Prerequisites, Downloading, and Running
To run this project, you'll need Ruby CDK. A recent article described the small amount of system configuration required for Ruby CDK on Linux. Another article showed how to install Ruby CDK on Windows.
The complete source code for this project can be downloaded from RubyForge. A subdirectory called demo contains the pre-built final result.
After unpacking the molbank-0.1.0 archive, the demo application can be run:
$ cd molbank-0.0.1 $ ruby test.rb
Problems, We've Got Problems
Several problems were uncovered while building the Molbank GTOC. This is to be expected with any data produced "in the wild" rather than within the safety of an Ivory Tower. Here are the main categories:
Blank Images The entry for M52 is blank. Checking the underlying molfile reveals four instances of bond stereo flags set to "6," a problem common to many of the blank images in the GTOC. According to the Molfile specification, a value of 6 indicates "Down, double bonds," whatever that means. Given that the molecules shown in M52 only have one possible stereo bond, and that the Molfile specification relies on 2-D coordinates to encode double-bond geometry, an encoding inconsistency or incorrect stereo interpretation may be the cause.
Images Containing an "R" Atom Label Entry M53 shows an "R" group at what should be the carbonyl carbon. The underlying molfile contains several less-common entries in the properties block, a common feature of images containing "R" in the GTOC.

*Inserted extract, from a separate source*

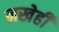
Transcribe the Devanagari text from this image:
नखेही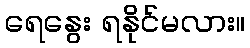
ရေနွေး ရနိုင်မလား။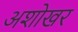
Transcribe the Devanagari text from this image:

Molfile not Found Entry M95 has no associated Molfile because it simply reports errata for other articles. M253-M259, on the other hand, lack molfiles because the articles were "withdrawn before publication." M347 describes a cyclodextrin for which, understandably, no molfile was provided. There are also a couple of cases in which a link to a molfile is provided, but is not available, such as M352.
Broken Molfiles The Molfile for M162 encodes its line endings as two carriage returns and a newline, giving rise to the appearance of blank lines after data lines. This is something the Molfile specification strictly forbids. Apparently, the underlying CDK molfile reader can only handle one carriage return and a newline. Perhaps the extra return was introduced as the file was copied into and out of text editors on various operating systems in preparation for uploading it to Molbank. Another common problem was binary files being used for molfiles, such as with M402. These files don't appear to be compressed with either Zip or GZip and their nature is currently unknown.

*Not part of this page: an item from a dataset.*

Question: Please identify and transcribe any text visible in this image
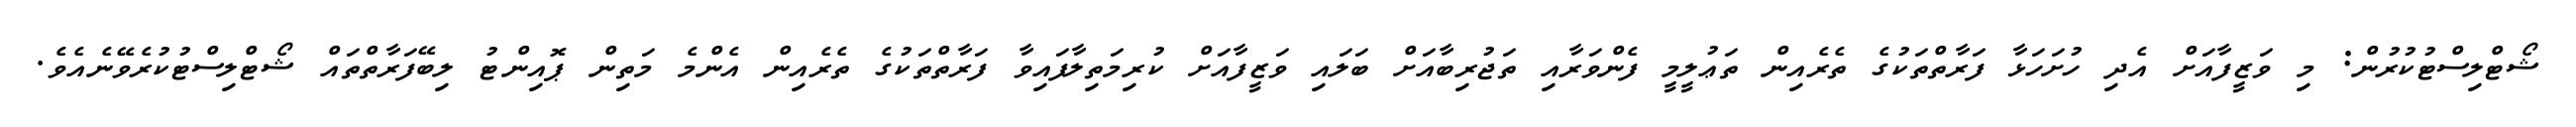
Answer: ޝޯޓްލިސްޓުކުރުން: މި ވަޒީފާއަށް އެދި ހުށަހަޅާ ފަރާތްތަކުގެ ތެރެއިން ތަޢުލީމީ ފެންވަރާއި ތަޖުރިބާއަށް ބަލައި ވަޒީފާއަށް ކުރިމަތިލާފައިވާ ފަރާތްތަކުގެ ތެރެއިން އެންމެ މަތިން ޕޮއިންޓު ލިބޭފަރާތްތައް ޝޯޓްލިސްޓުކުރެވޭނެއެވެ.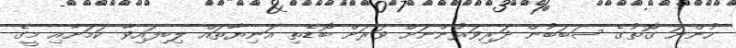
ހުންނަ ގޮތުގެ ސަބަބުން ދަރިވަރުންނަށް ވަރަށް ބޮޑެތި އަނިޔާތައް ލިބިފައިވާ ކަމަށާއި މީގެ

Bogus Molfiles For reasons I still can't understand, the Molfile for M407 encodes ethylene. So do several other Molbank molfiles. Other common dummy molfiles include toluene, benzene, and ethane.
After cataloging the problems that exist with the Molbank dataset and the software used to mine it, two interesting questions come into focus:
What can be done to help Molbank fix the most obvious problems in their molfiles and would they accept these improvements?

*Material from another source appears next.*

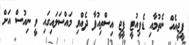
ޕީޖީއެއް ނެތުމާއި ޑެޕިއުޓީ ޕީޖީ އިސްތިއުފާ ދެއްވި މައްސަލައިގައި ވީ ނިއުސް އަށް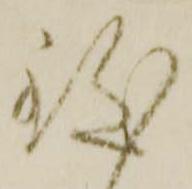
致

How can "real" datasets like Molbank help developers build better cheminformatics software? (a graphical Molfile Debugger Utility would come in handy...)
Clearly, the connection between Open Access, Open Source, and Open Data is very strong and runs very deep.
Behind the Scenes
The Ruby Molbank GTOC generator works by connecting to the www.mdpi.net server to get its data in real-time. Internally, the software creates a map of the Molbank website so that the molfile (and URL) for any article can be retrieved on demand. Each readable molfile is used to create a 2-D image using Ruby CDK. As a final step, the index.html page is generated, linking the 2-D images to a specific URL for a Molbank article. This file is produced with eRuby using a previously-described technique.
Conclusions
Building a Graphical Table of Contents for Molbank is not that difficult given the power of Ruby, and Molbank's forward-thinking attitude toward mirroring and robots. In working on this project, several problems were uncovered, both with Molbank's data, and the software used to mine it.
In some ways, the software described here and its output are less interesting than the larger questions they raise:
How do scientific journals best serve not only their readers, but developers who want to provide new ways to use the journal?
How far does copyright extend in scientific publications? For example, are molfiles copyrightable? If so, at what level of detail are they not? If atom coordinates or some other kind of non-essential information is left out, does that change anything?
In what other practical ways could the connection between Open Source, Open Data, and Open Access be explored?
These and many related questions are waiting just around the corner. As Open Access becomes more viable, both technically and commercially, look to Open Source and Open Data to provide the synergies that will unlock its true potential.